* [WHAT YOU NEED TO DO]
Set down a faithful copy of every record, and skip the pictures in it.

───── STORED DATA

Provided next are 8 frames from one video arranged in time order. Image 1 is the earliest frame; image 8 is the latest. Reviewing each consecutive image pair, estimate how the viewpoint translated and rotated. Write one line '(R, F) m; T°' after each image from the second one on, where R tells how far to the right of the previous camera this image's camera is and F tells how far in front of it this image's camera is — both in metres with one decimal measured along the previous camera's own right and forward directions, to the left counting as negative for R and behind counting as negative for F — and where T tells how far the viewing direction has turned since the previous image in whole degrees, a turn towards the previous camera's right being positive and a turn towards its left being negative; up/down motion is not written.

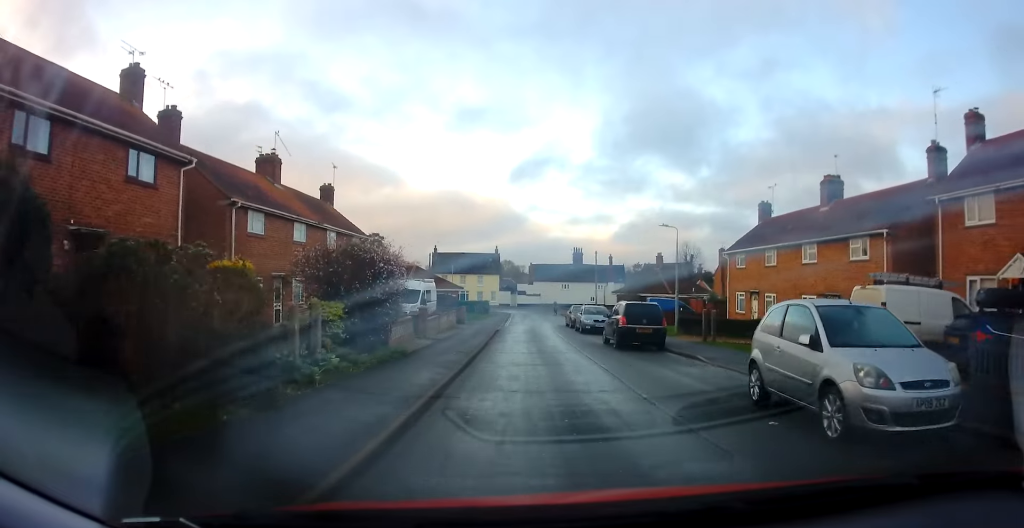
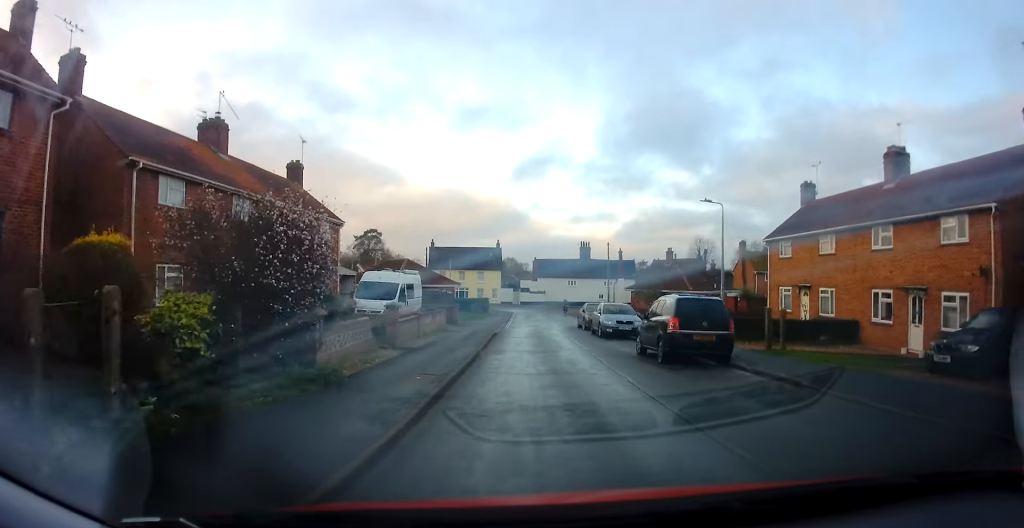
(+0.3, +5.9) m; +1°
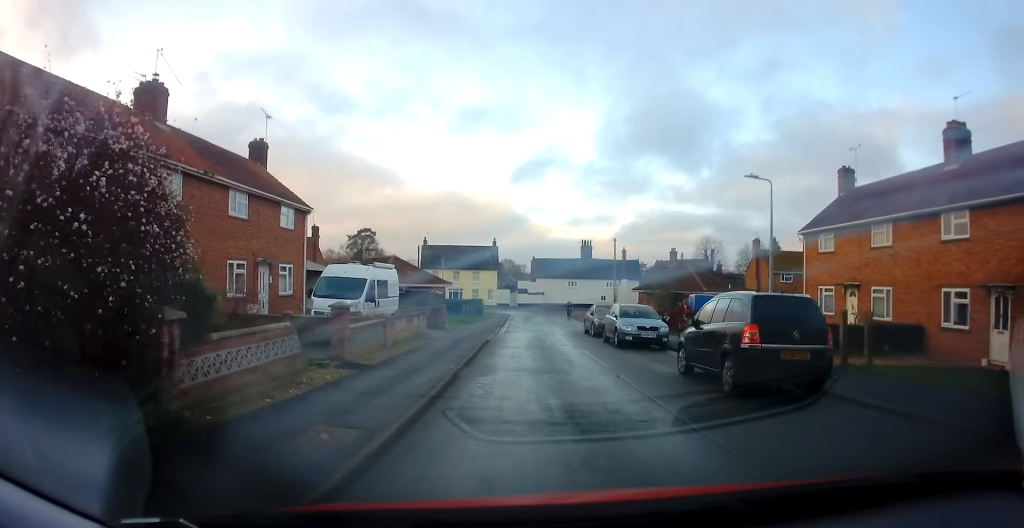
(0.0, +4.6) m; -1°
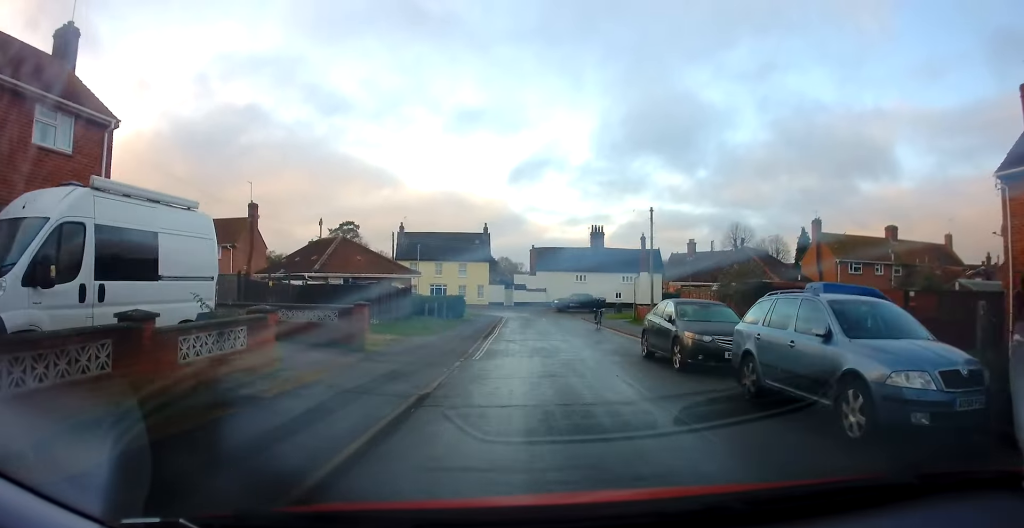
(-0.2, +13.8) m; +1°
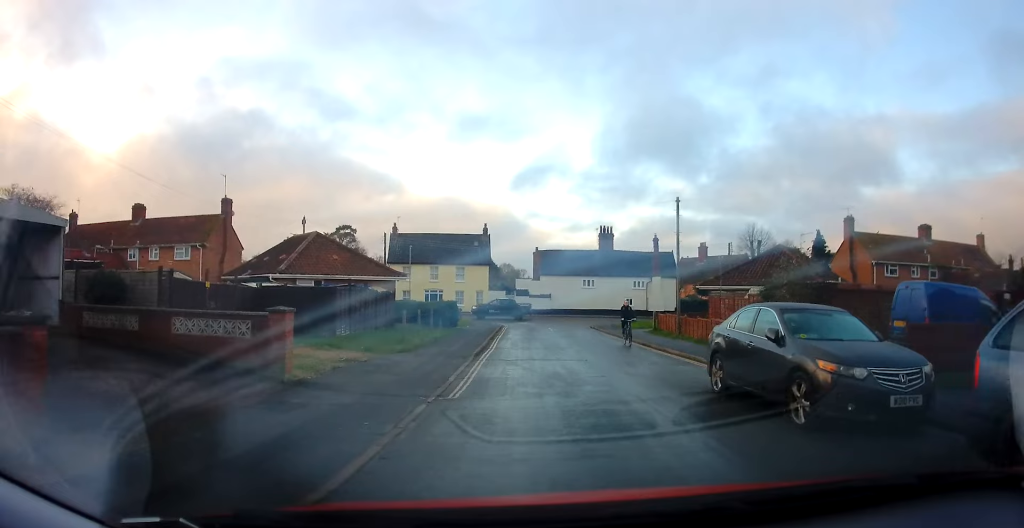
(+0.2, +5.0) m; -1°
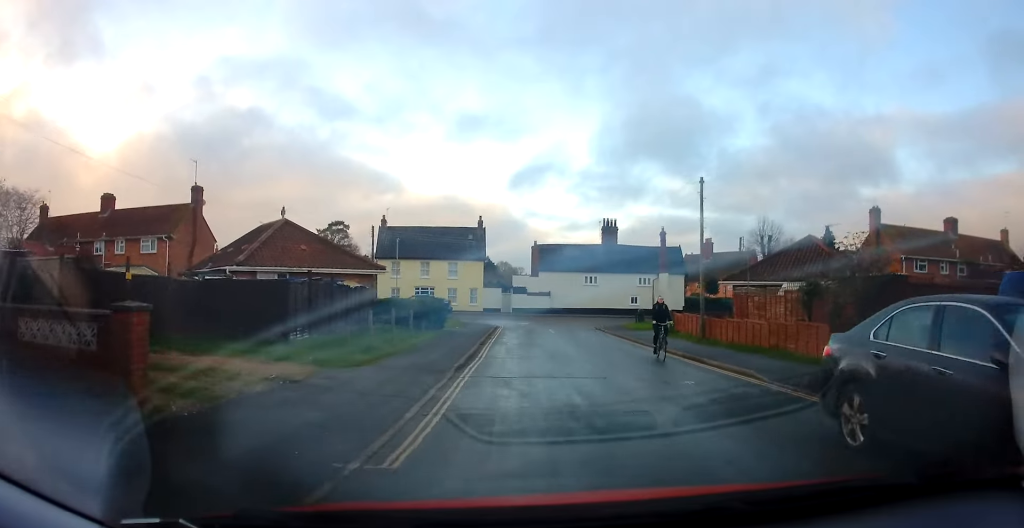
(-0.2, +4.1) m; -1°
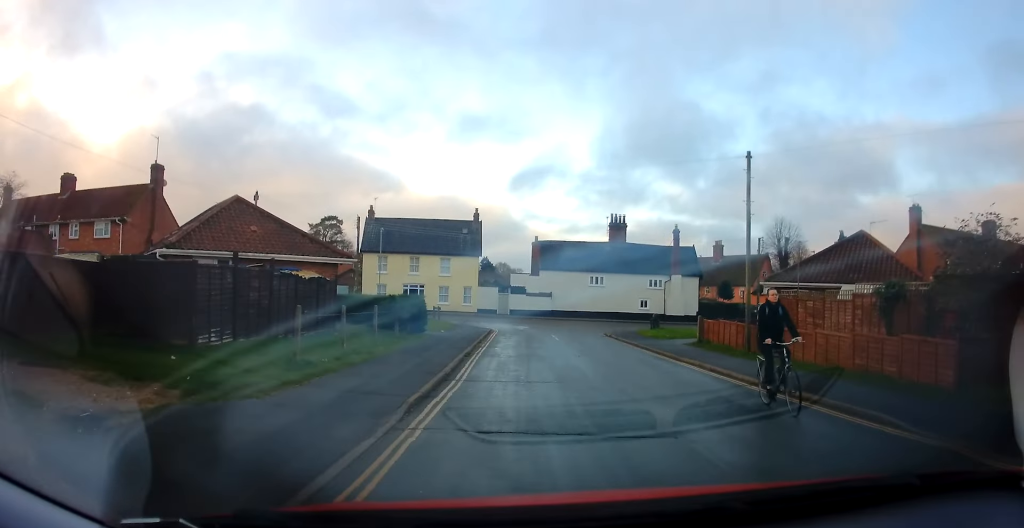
(0.0, +5.1) m; 0°
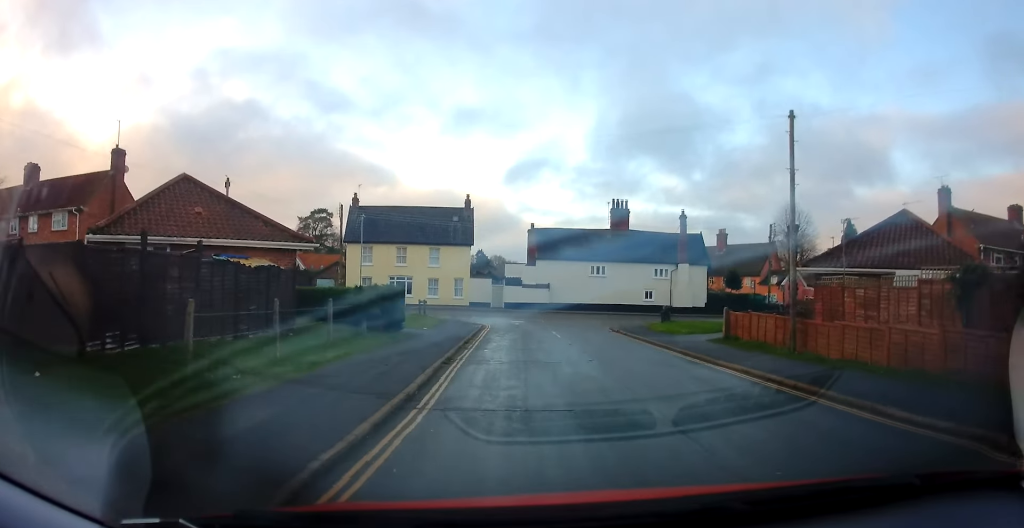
(+0.1, +3.7) m; +1°

──────────

* [OUTPUT FOR THIS EXERCISE]
Provided next are 8 frames from one video arranged in time order. Image 1 is the earliest frame; image 8 is the latest. Reviewing each consecutive image pair, estimate how the viewpoint translated and rotated. Write one line '(R, F) m; T°' after each image from the second one on, where R tells how far to the right of the previous camera this image's camera is and F tells how far in front of it this image's camera is — both in metres with one decimal measured along the previous camera's own right and forward directions, to the left counting as negative for R and behind counting as negative for F — and where T tells how far the viewing direction has turned since the previous image in whole degrees, a turn towards the previous camera's right being positive and a turn towards its left being negative; up/down motion is not written.

(+0.3, +5.9) m; +1°
(0.0, +4.6) m; -1°
(-0.2, +13.8) m; +1°
(+0.2, +5.0) m; -1°
(-0.2, +4.1) m; -1°
(0.0, +5.1) m; 0°
(+0.1, +3.7) m; +1°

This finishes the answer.